= Task description =
Reproduce each line of the data exactly as it is.

------ Exercise material

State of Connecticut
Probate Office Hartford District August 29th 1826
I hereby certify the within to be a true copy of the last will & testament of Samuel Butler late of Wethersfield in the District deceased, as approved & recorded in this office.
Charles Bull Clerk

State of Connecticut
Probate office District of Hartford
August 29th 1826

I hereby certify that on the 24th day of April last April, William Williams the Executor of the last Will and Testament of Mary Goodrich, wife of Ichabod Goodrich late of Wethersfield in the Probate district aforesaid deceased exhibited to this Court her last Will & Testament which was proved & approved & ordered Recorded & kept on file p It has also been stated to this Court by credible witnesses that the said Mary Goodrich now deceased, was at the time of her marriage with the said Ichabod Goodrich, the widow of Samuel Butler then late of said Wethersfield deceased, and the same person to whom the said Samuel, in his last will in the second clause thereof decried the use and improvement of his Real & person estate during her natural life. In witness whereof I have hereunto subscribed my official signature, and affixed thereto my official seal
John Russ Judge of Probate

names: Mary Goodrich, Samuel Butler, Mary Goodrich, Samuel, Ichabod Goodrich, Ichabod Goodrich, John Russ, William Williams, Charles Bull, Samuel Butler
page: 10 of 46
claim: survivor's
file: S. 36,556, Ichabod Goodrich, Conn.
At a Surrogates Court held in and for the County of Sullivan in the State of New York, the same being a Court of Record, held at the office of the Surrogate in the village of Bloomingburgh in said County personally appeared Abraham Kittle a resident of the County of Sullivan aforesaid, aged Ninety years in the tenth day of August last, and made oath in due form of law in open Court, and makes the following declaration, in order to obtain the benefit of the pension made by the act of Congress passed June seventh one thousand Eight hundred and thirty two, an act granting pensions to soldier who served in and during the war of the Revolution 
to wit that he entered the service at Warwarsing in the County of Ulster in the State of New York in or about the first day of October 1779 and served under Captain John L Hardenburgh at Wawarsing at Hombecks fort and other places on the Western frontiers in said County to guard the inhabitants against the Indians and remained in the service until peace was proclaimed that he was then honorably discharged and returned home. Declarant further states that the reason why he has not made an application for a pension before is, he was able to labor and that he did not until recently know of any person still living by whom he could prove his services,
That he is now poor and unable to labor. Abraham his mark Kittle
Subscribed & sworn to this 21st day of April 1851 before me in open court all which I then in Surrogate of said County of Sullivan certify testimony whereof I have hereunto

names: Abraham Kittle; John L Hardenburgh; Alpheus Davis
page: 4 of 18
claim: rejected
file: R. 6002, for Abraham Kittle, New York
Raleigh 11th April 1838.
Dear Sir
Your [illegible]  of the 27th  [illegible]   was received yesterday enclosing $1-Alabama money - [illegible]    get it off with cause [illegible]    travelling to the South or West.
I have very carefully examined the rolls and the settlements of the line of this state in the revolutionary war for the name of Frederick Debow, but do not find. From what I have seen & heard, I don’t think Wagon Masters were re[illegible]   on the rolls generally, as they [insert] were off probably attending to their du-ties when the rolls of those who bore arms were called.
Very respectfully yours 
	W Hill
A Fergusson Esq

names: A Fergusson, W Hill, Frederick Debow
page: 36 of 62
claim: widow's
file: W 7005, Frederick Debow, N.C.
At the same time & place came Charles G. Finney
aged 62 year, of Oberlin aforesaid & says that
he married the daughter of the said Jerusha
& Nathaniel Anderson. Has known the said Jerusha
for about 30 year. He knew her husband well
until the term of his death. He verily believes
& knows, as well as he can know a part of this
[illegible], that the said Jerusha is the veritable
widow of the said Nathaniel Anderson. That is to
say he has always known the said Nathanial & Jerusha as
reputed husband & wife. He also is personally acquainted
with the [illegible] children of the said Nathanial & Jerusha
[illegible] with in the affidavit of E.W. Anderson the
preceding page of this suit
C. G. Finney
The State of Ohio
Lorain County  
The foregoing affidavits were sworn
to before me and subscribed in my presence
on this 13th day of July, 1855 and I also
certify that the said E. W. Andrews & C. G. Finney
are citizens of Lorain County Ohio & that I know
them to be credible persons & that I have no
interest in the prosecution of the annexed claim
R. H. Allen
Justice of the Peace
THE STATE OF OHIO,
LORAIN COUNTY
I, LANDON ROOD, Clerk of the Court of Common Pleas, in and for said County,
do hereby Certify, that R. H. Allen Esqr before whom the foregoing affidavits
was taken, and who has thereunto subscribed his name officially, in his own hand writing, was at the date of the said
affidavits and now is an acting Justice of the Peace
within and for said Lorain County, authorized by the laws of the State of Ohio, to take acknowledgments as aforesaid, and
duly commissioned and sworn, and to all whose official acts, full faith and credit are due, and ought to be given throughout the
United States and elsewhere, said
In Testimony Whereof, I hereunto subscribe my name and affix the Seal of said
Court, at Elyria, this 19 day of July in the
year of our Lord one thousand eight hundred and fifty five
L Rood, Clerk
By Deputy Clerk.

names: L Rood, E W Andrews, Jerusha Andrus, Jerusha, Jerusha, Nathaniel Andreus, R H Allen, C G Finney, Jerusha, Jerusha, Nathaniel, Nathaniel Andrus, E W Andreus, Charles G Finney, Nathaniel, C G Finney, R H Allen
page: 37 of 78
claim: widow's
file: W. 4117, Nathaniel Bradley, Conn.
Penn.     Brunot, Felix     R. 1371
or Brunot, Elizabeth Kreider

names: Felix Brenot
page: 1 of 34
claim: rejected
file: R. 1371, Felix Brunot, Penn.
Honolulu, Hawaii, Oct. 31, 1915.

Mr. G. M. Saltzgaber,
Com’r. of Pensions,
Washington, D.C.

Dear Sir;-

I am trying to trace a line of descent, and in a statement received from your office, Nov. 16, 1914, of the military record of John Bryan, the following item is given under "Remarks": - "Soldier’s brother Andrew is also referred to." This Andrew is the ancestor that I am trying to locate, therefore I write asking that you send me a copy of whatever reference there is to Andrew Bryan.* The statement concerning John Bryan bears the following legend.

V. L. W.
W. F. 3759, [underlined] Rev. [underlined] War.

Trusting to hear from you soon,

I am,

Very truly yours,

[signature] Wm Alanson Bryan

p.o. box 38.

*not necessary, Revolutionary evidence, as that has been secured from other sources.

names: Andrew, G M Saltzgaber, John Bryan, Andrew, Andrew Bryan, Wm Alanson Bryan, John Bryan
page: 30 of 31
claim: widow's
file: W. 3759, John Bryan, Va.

------------

= Response below =
State of Connecticut
Probate Office Hartford District August 29th 1826
I hereby certify the within to be a true copy of the last will & testament of Samuel Butler late of Wethersfield in the District deceased, as approved & recorded in this office.
Charles Bull Clerk

State of Connecticut
Probate office District of Hartford
August 29th 1826

I hereby certify that on the 24th day of April last April, William Williams the Executor of the last Will and Testament of Mary Goodrich, wife of Ichabod Goodrich late of Wethersfield in the Probate district aforesaid deceased exhibited to this Court her last Will & Testament which was proved & approved & ordered Recorded & kept on file p It has also been stated to this Court by credible witnesses that the said Mary Goodrich now deceased, was at the time of her marriage with the said Ichabod Goodrich, the widow of Samuel Butler then late of said Wethersfield deceased, and the same person to whom the said Samuel, in his last will in the second clause thereof decried the use and improvement of his Real & person estate during her natural life. In witness whereof I have hereunto subscribed my official signature, and affixed thereto my official seal
John Russ Judge of Probate

names: Mary Goodrich, Samuel Butler, Mary Goodrich, Samuel, Ichabod Goodrich, Ichabod Goodrich, John Russ, William Williams, Charles Bull, Samuel Butler
page: 10 of 46
claim: survivor's
file: S. 36,556, Ichabod Goodrich, Conn.
At a Surrogates Court held in and for the County of Sullivan in the State of New York, the same being a Court of Record, held at the office of the Surrogate in the village of Bloomingburgh in said County personally appeared Abraham Kittle a resident of the County of Sullivan aforesaid, aged Ninety years in the tenth day of August last, and made oath in due form of law in open Court, and makes the following declaration, in order to obtain the benefit of the pension made by the act of Congress passed June seventh one thousand Eight hundred and thirty two, an act granting pensions to soldier who served in and during the war of the Revolution 
to wit that he entered the service at Warwarsing in the County of Ulster in the State of New York in or about the first day of October 1779 and served under Captain John L Hardenburgh at Wawarsing at Hombecks fort and other places on the Western frontiers in said County to guard the inhabitants against the Indians and remained in the service until peace was proclaimed that he was then honorably discharged and returned home. Declarant further states that the reason why he has not made an application for a pension before is, he was able to labor and that he did not until recently know of any person still living by whom he could prove his services,
That he is now poor and unable to labor. Abraham his mark Kittle
Subscribed & sworn to this 21st day of April 1851 before me in open court all which I then in Surrogate of said County of Sullivan certify testimony whereof I have hereunto

names: Abraham Kittle; John L Hardenburgh; Alpheus Davis
page: 4 of 18
claim: rejected
file: R. 6002, for Abraham Kittle, New York
Raleigh 11th April 1838.
Dear Sir
Your [illegible]  of the 27th  [illegible]   was received yesterday enclosing $1-Alabama money - [illegible]    get it off with cause [illegible]    travelling to the South or West.
I have very carefully examined the rolls and the settlements of the line of this state in the revolutionary war for the name of Frederick Debow, but do not find. From what I have seen & heard, I don’t think Wagon Masters were re[illegible]   on the rolls generally, as they [insert] were off probably attending to their du-ties when the rolls of those who bore arms were called.
Very respectfully yours 
	W Hill
A Fergusson Esq

names: A Fergusson, W Hill, Frederick Debow
page: 36 of 62
claim: widow's
file: W 7005, Frederick Debow, N.C.
At the same time & place came Charles G. Finney
aged 62 year, of Oberlin aforesaid & says that
he married the daughter of the said Jerusha
& Nathaniel Anderson. Has known the said Jerusha
for about 30 year. He knew her husband well
until the term of his death. He verily believes
& knows, as well as he can know a part of this
[illegible], that the said Jerusha is the veritable
widow of the said Nathaniel Anderson. That is to
say he has always known the said Nathanial & Jerusha as
reputed husband & wife. He also is personally acquainted
with the [illegible] children of the said Nathanial & Jerusha
[illegible] with in the affidavit of E.W. Anderson the
preceding page of this suit
C. G. Finney
The State of Ohio
Lorain County  
The foregoing affidavits were sworn
to before me and subscribed in my presence
on this 13th day of July, 1855 and I also
certify that the said E. W. Andrews & C. G. Finney
are citizens of Lorain County Ohio & that I know
them to be credible persons & that I have no
interest in the prosecution of the annexed claim
R. H. Allen
Justice of the Peace
THE STATE OF OHIO,
LORAIN COUNTY
I, LANDON ROOD, Clerk of the Court of Common Pleas, in and for said County,
do hereby Certify, that R. H. Allen Esqr before whom the foregoing affidavits
was taken, and who has thereunto subscribed his name officially, in his own hand writing, was at the date of the said
affidavits and now is an acting Justice of the Peace
within and for said Lorain County, authorized by the laws of the State of Ohio, to take acknowledgments as aforesaid, and
duly commissioned and sworn, and to all whose official acts, full faith and credit are due, and ought to be given throughout the
United States and elsewhere, said
In Testimony Whereof, I hereunto subscribe my name and affix the Seal of said
Court, at Elyria, this 19 day of July in the
year of our Lord one thousand eight hundred and fifty five
L Rood, Clerk
By Deputy Clerk.

names: L Rood, E W Andrews, Jerusha Andrus, Jerusha, Jerusha, Nathaniel Andreus, R H Allen, C G Finney, Jerusha, Jerusha, Nathaniel, Nathaniel Andrus, E W Andreus, Charles G Finney, Nathaniel, C G Finney, R H Allen
page: 37 of 78
claim: widow's
file: W. 4117, Nathaniel Bradley, Conn.
Penn.     Brunot, Felix     R. 1371
or Brunot, Elizabeth Kreider

names: Felix Brenot
page: 1 of 34
claim: rejected
file: R. 1371, Felix Brunot, Penn.
Honolulu, Hawaii, Oct. 31, 1915.

Mr. G. M. Saltzgaber,
Com’r. of Pensions,
Washington, D.C.

Dear Sir;-

I am trying to trace a line of descent, and in a statement received from your office, Nov. 16, 1914, of the military record of John Bryan, the following item is given under "Remarks": - "Soldier’s brother Andrew is also referred to." This Andrew is the ancestor that I am trying to locate, therefore I write asking that you send me a copy of whatever reference there is to Andrew Bryan.* The statement concerning John Bryan bears the following legend.

V. L. W.
W. F. 3759, [underlined] Rev. [underlined] War.

Trusting to hear from you soon,

I am,

Very truly yours,

[signature] Wm Alanson Bryan

p.o. box 38.

*not necessary, Revolutionary evidence, as that has been secured from other sources.

names: Andrew, G M Saltzgaber, John Bryan, Andrew, Andrew Bryan, Wm Alanson Bryan, John Bryan
page: 30 of 31
claim: widow's
file: W. 3759, John Bryan, Va.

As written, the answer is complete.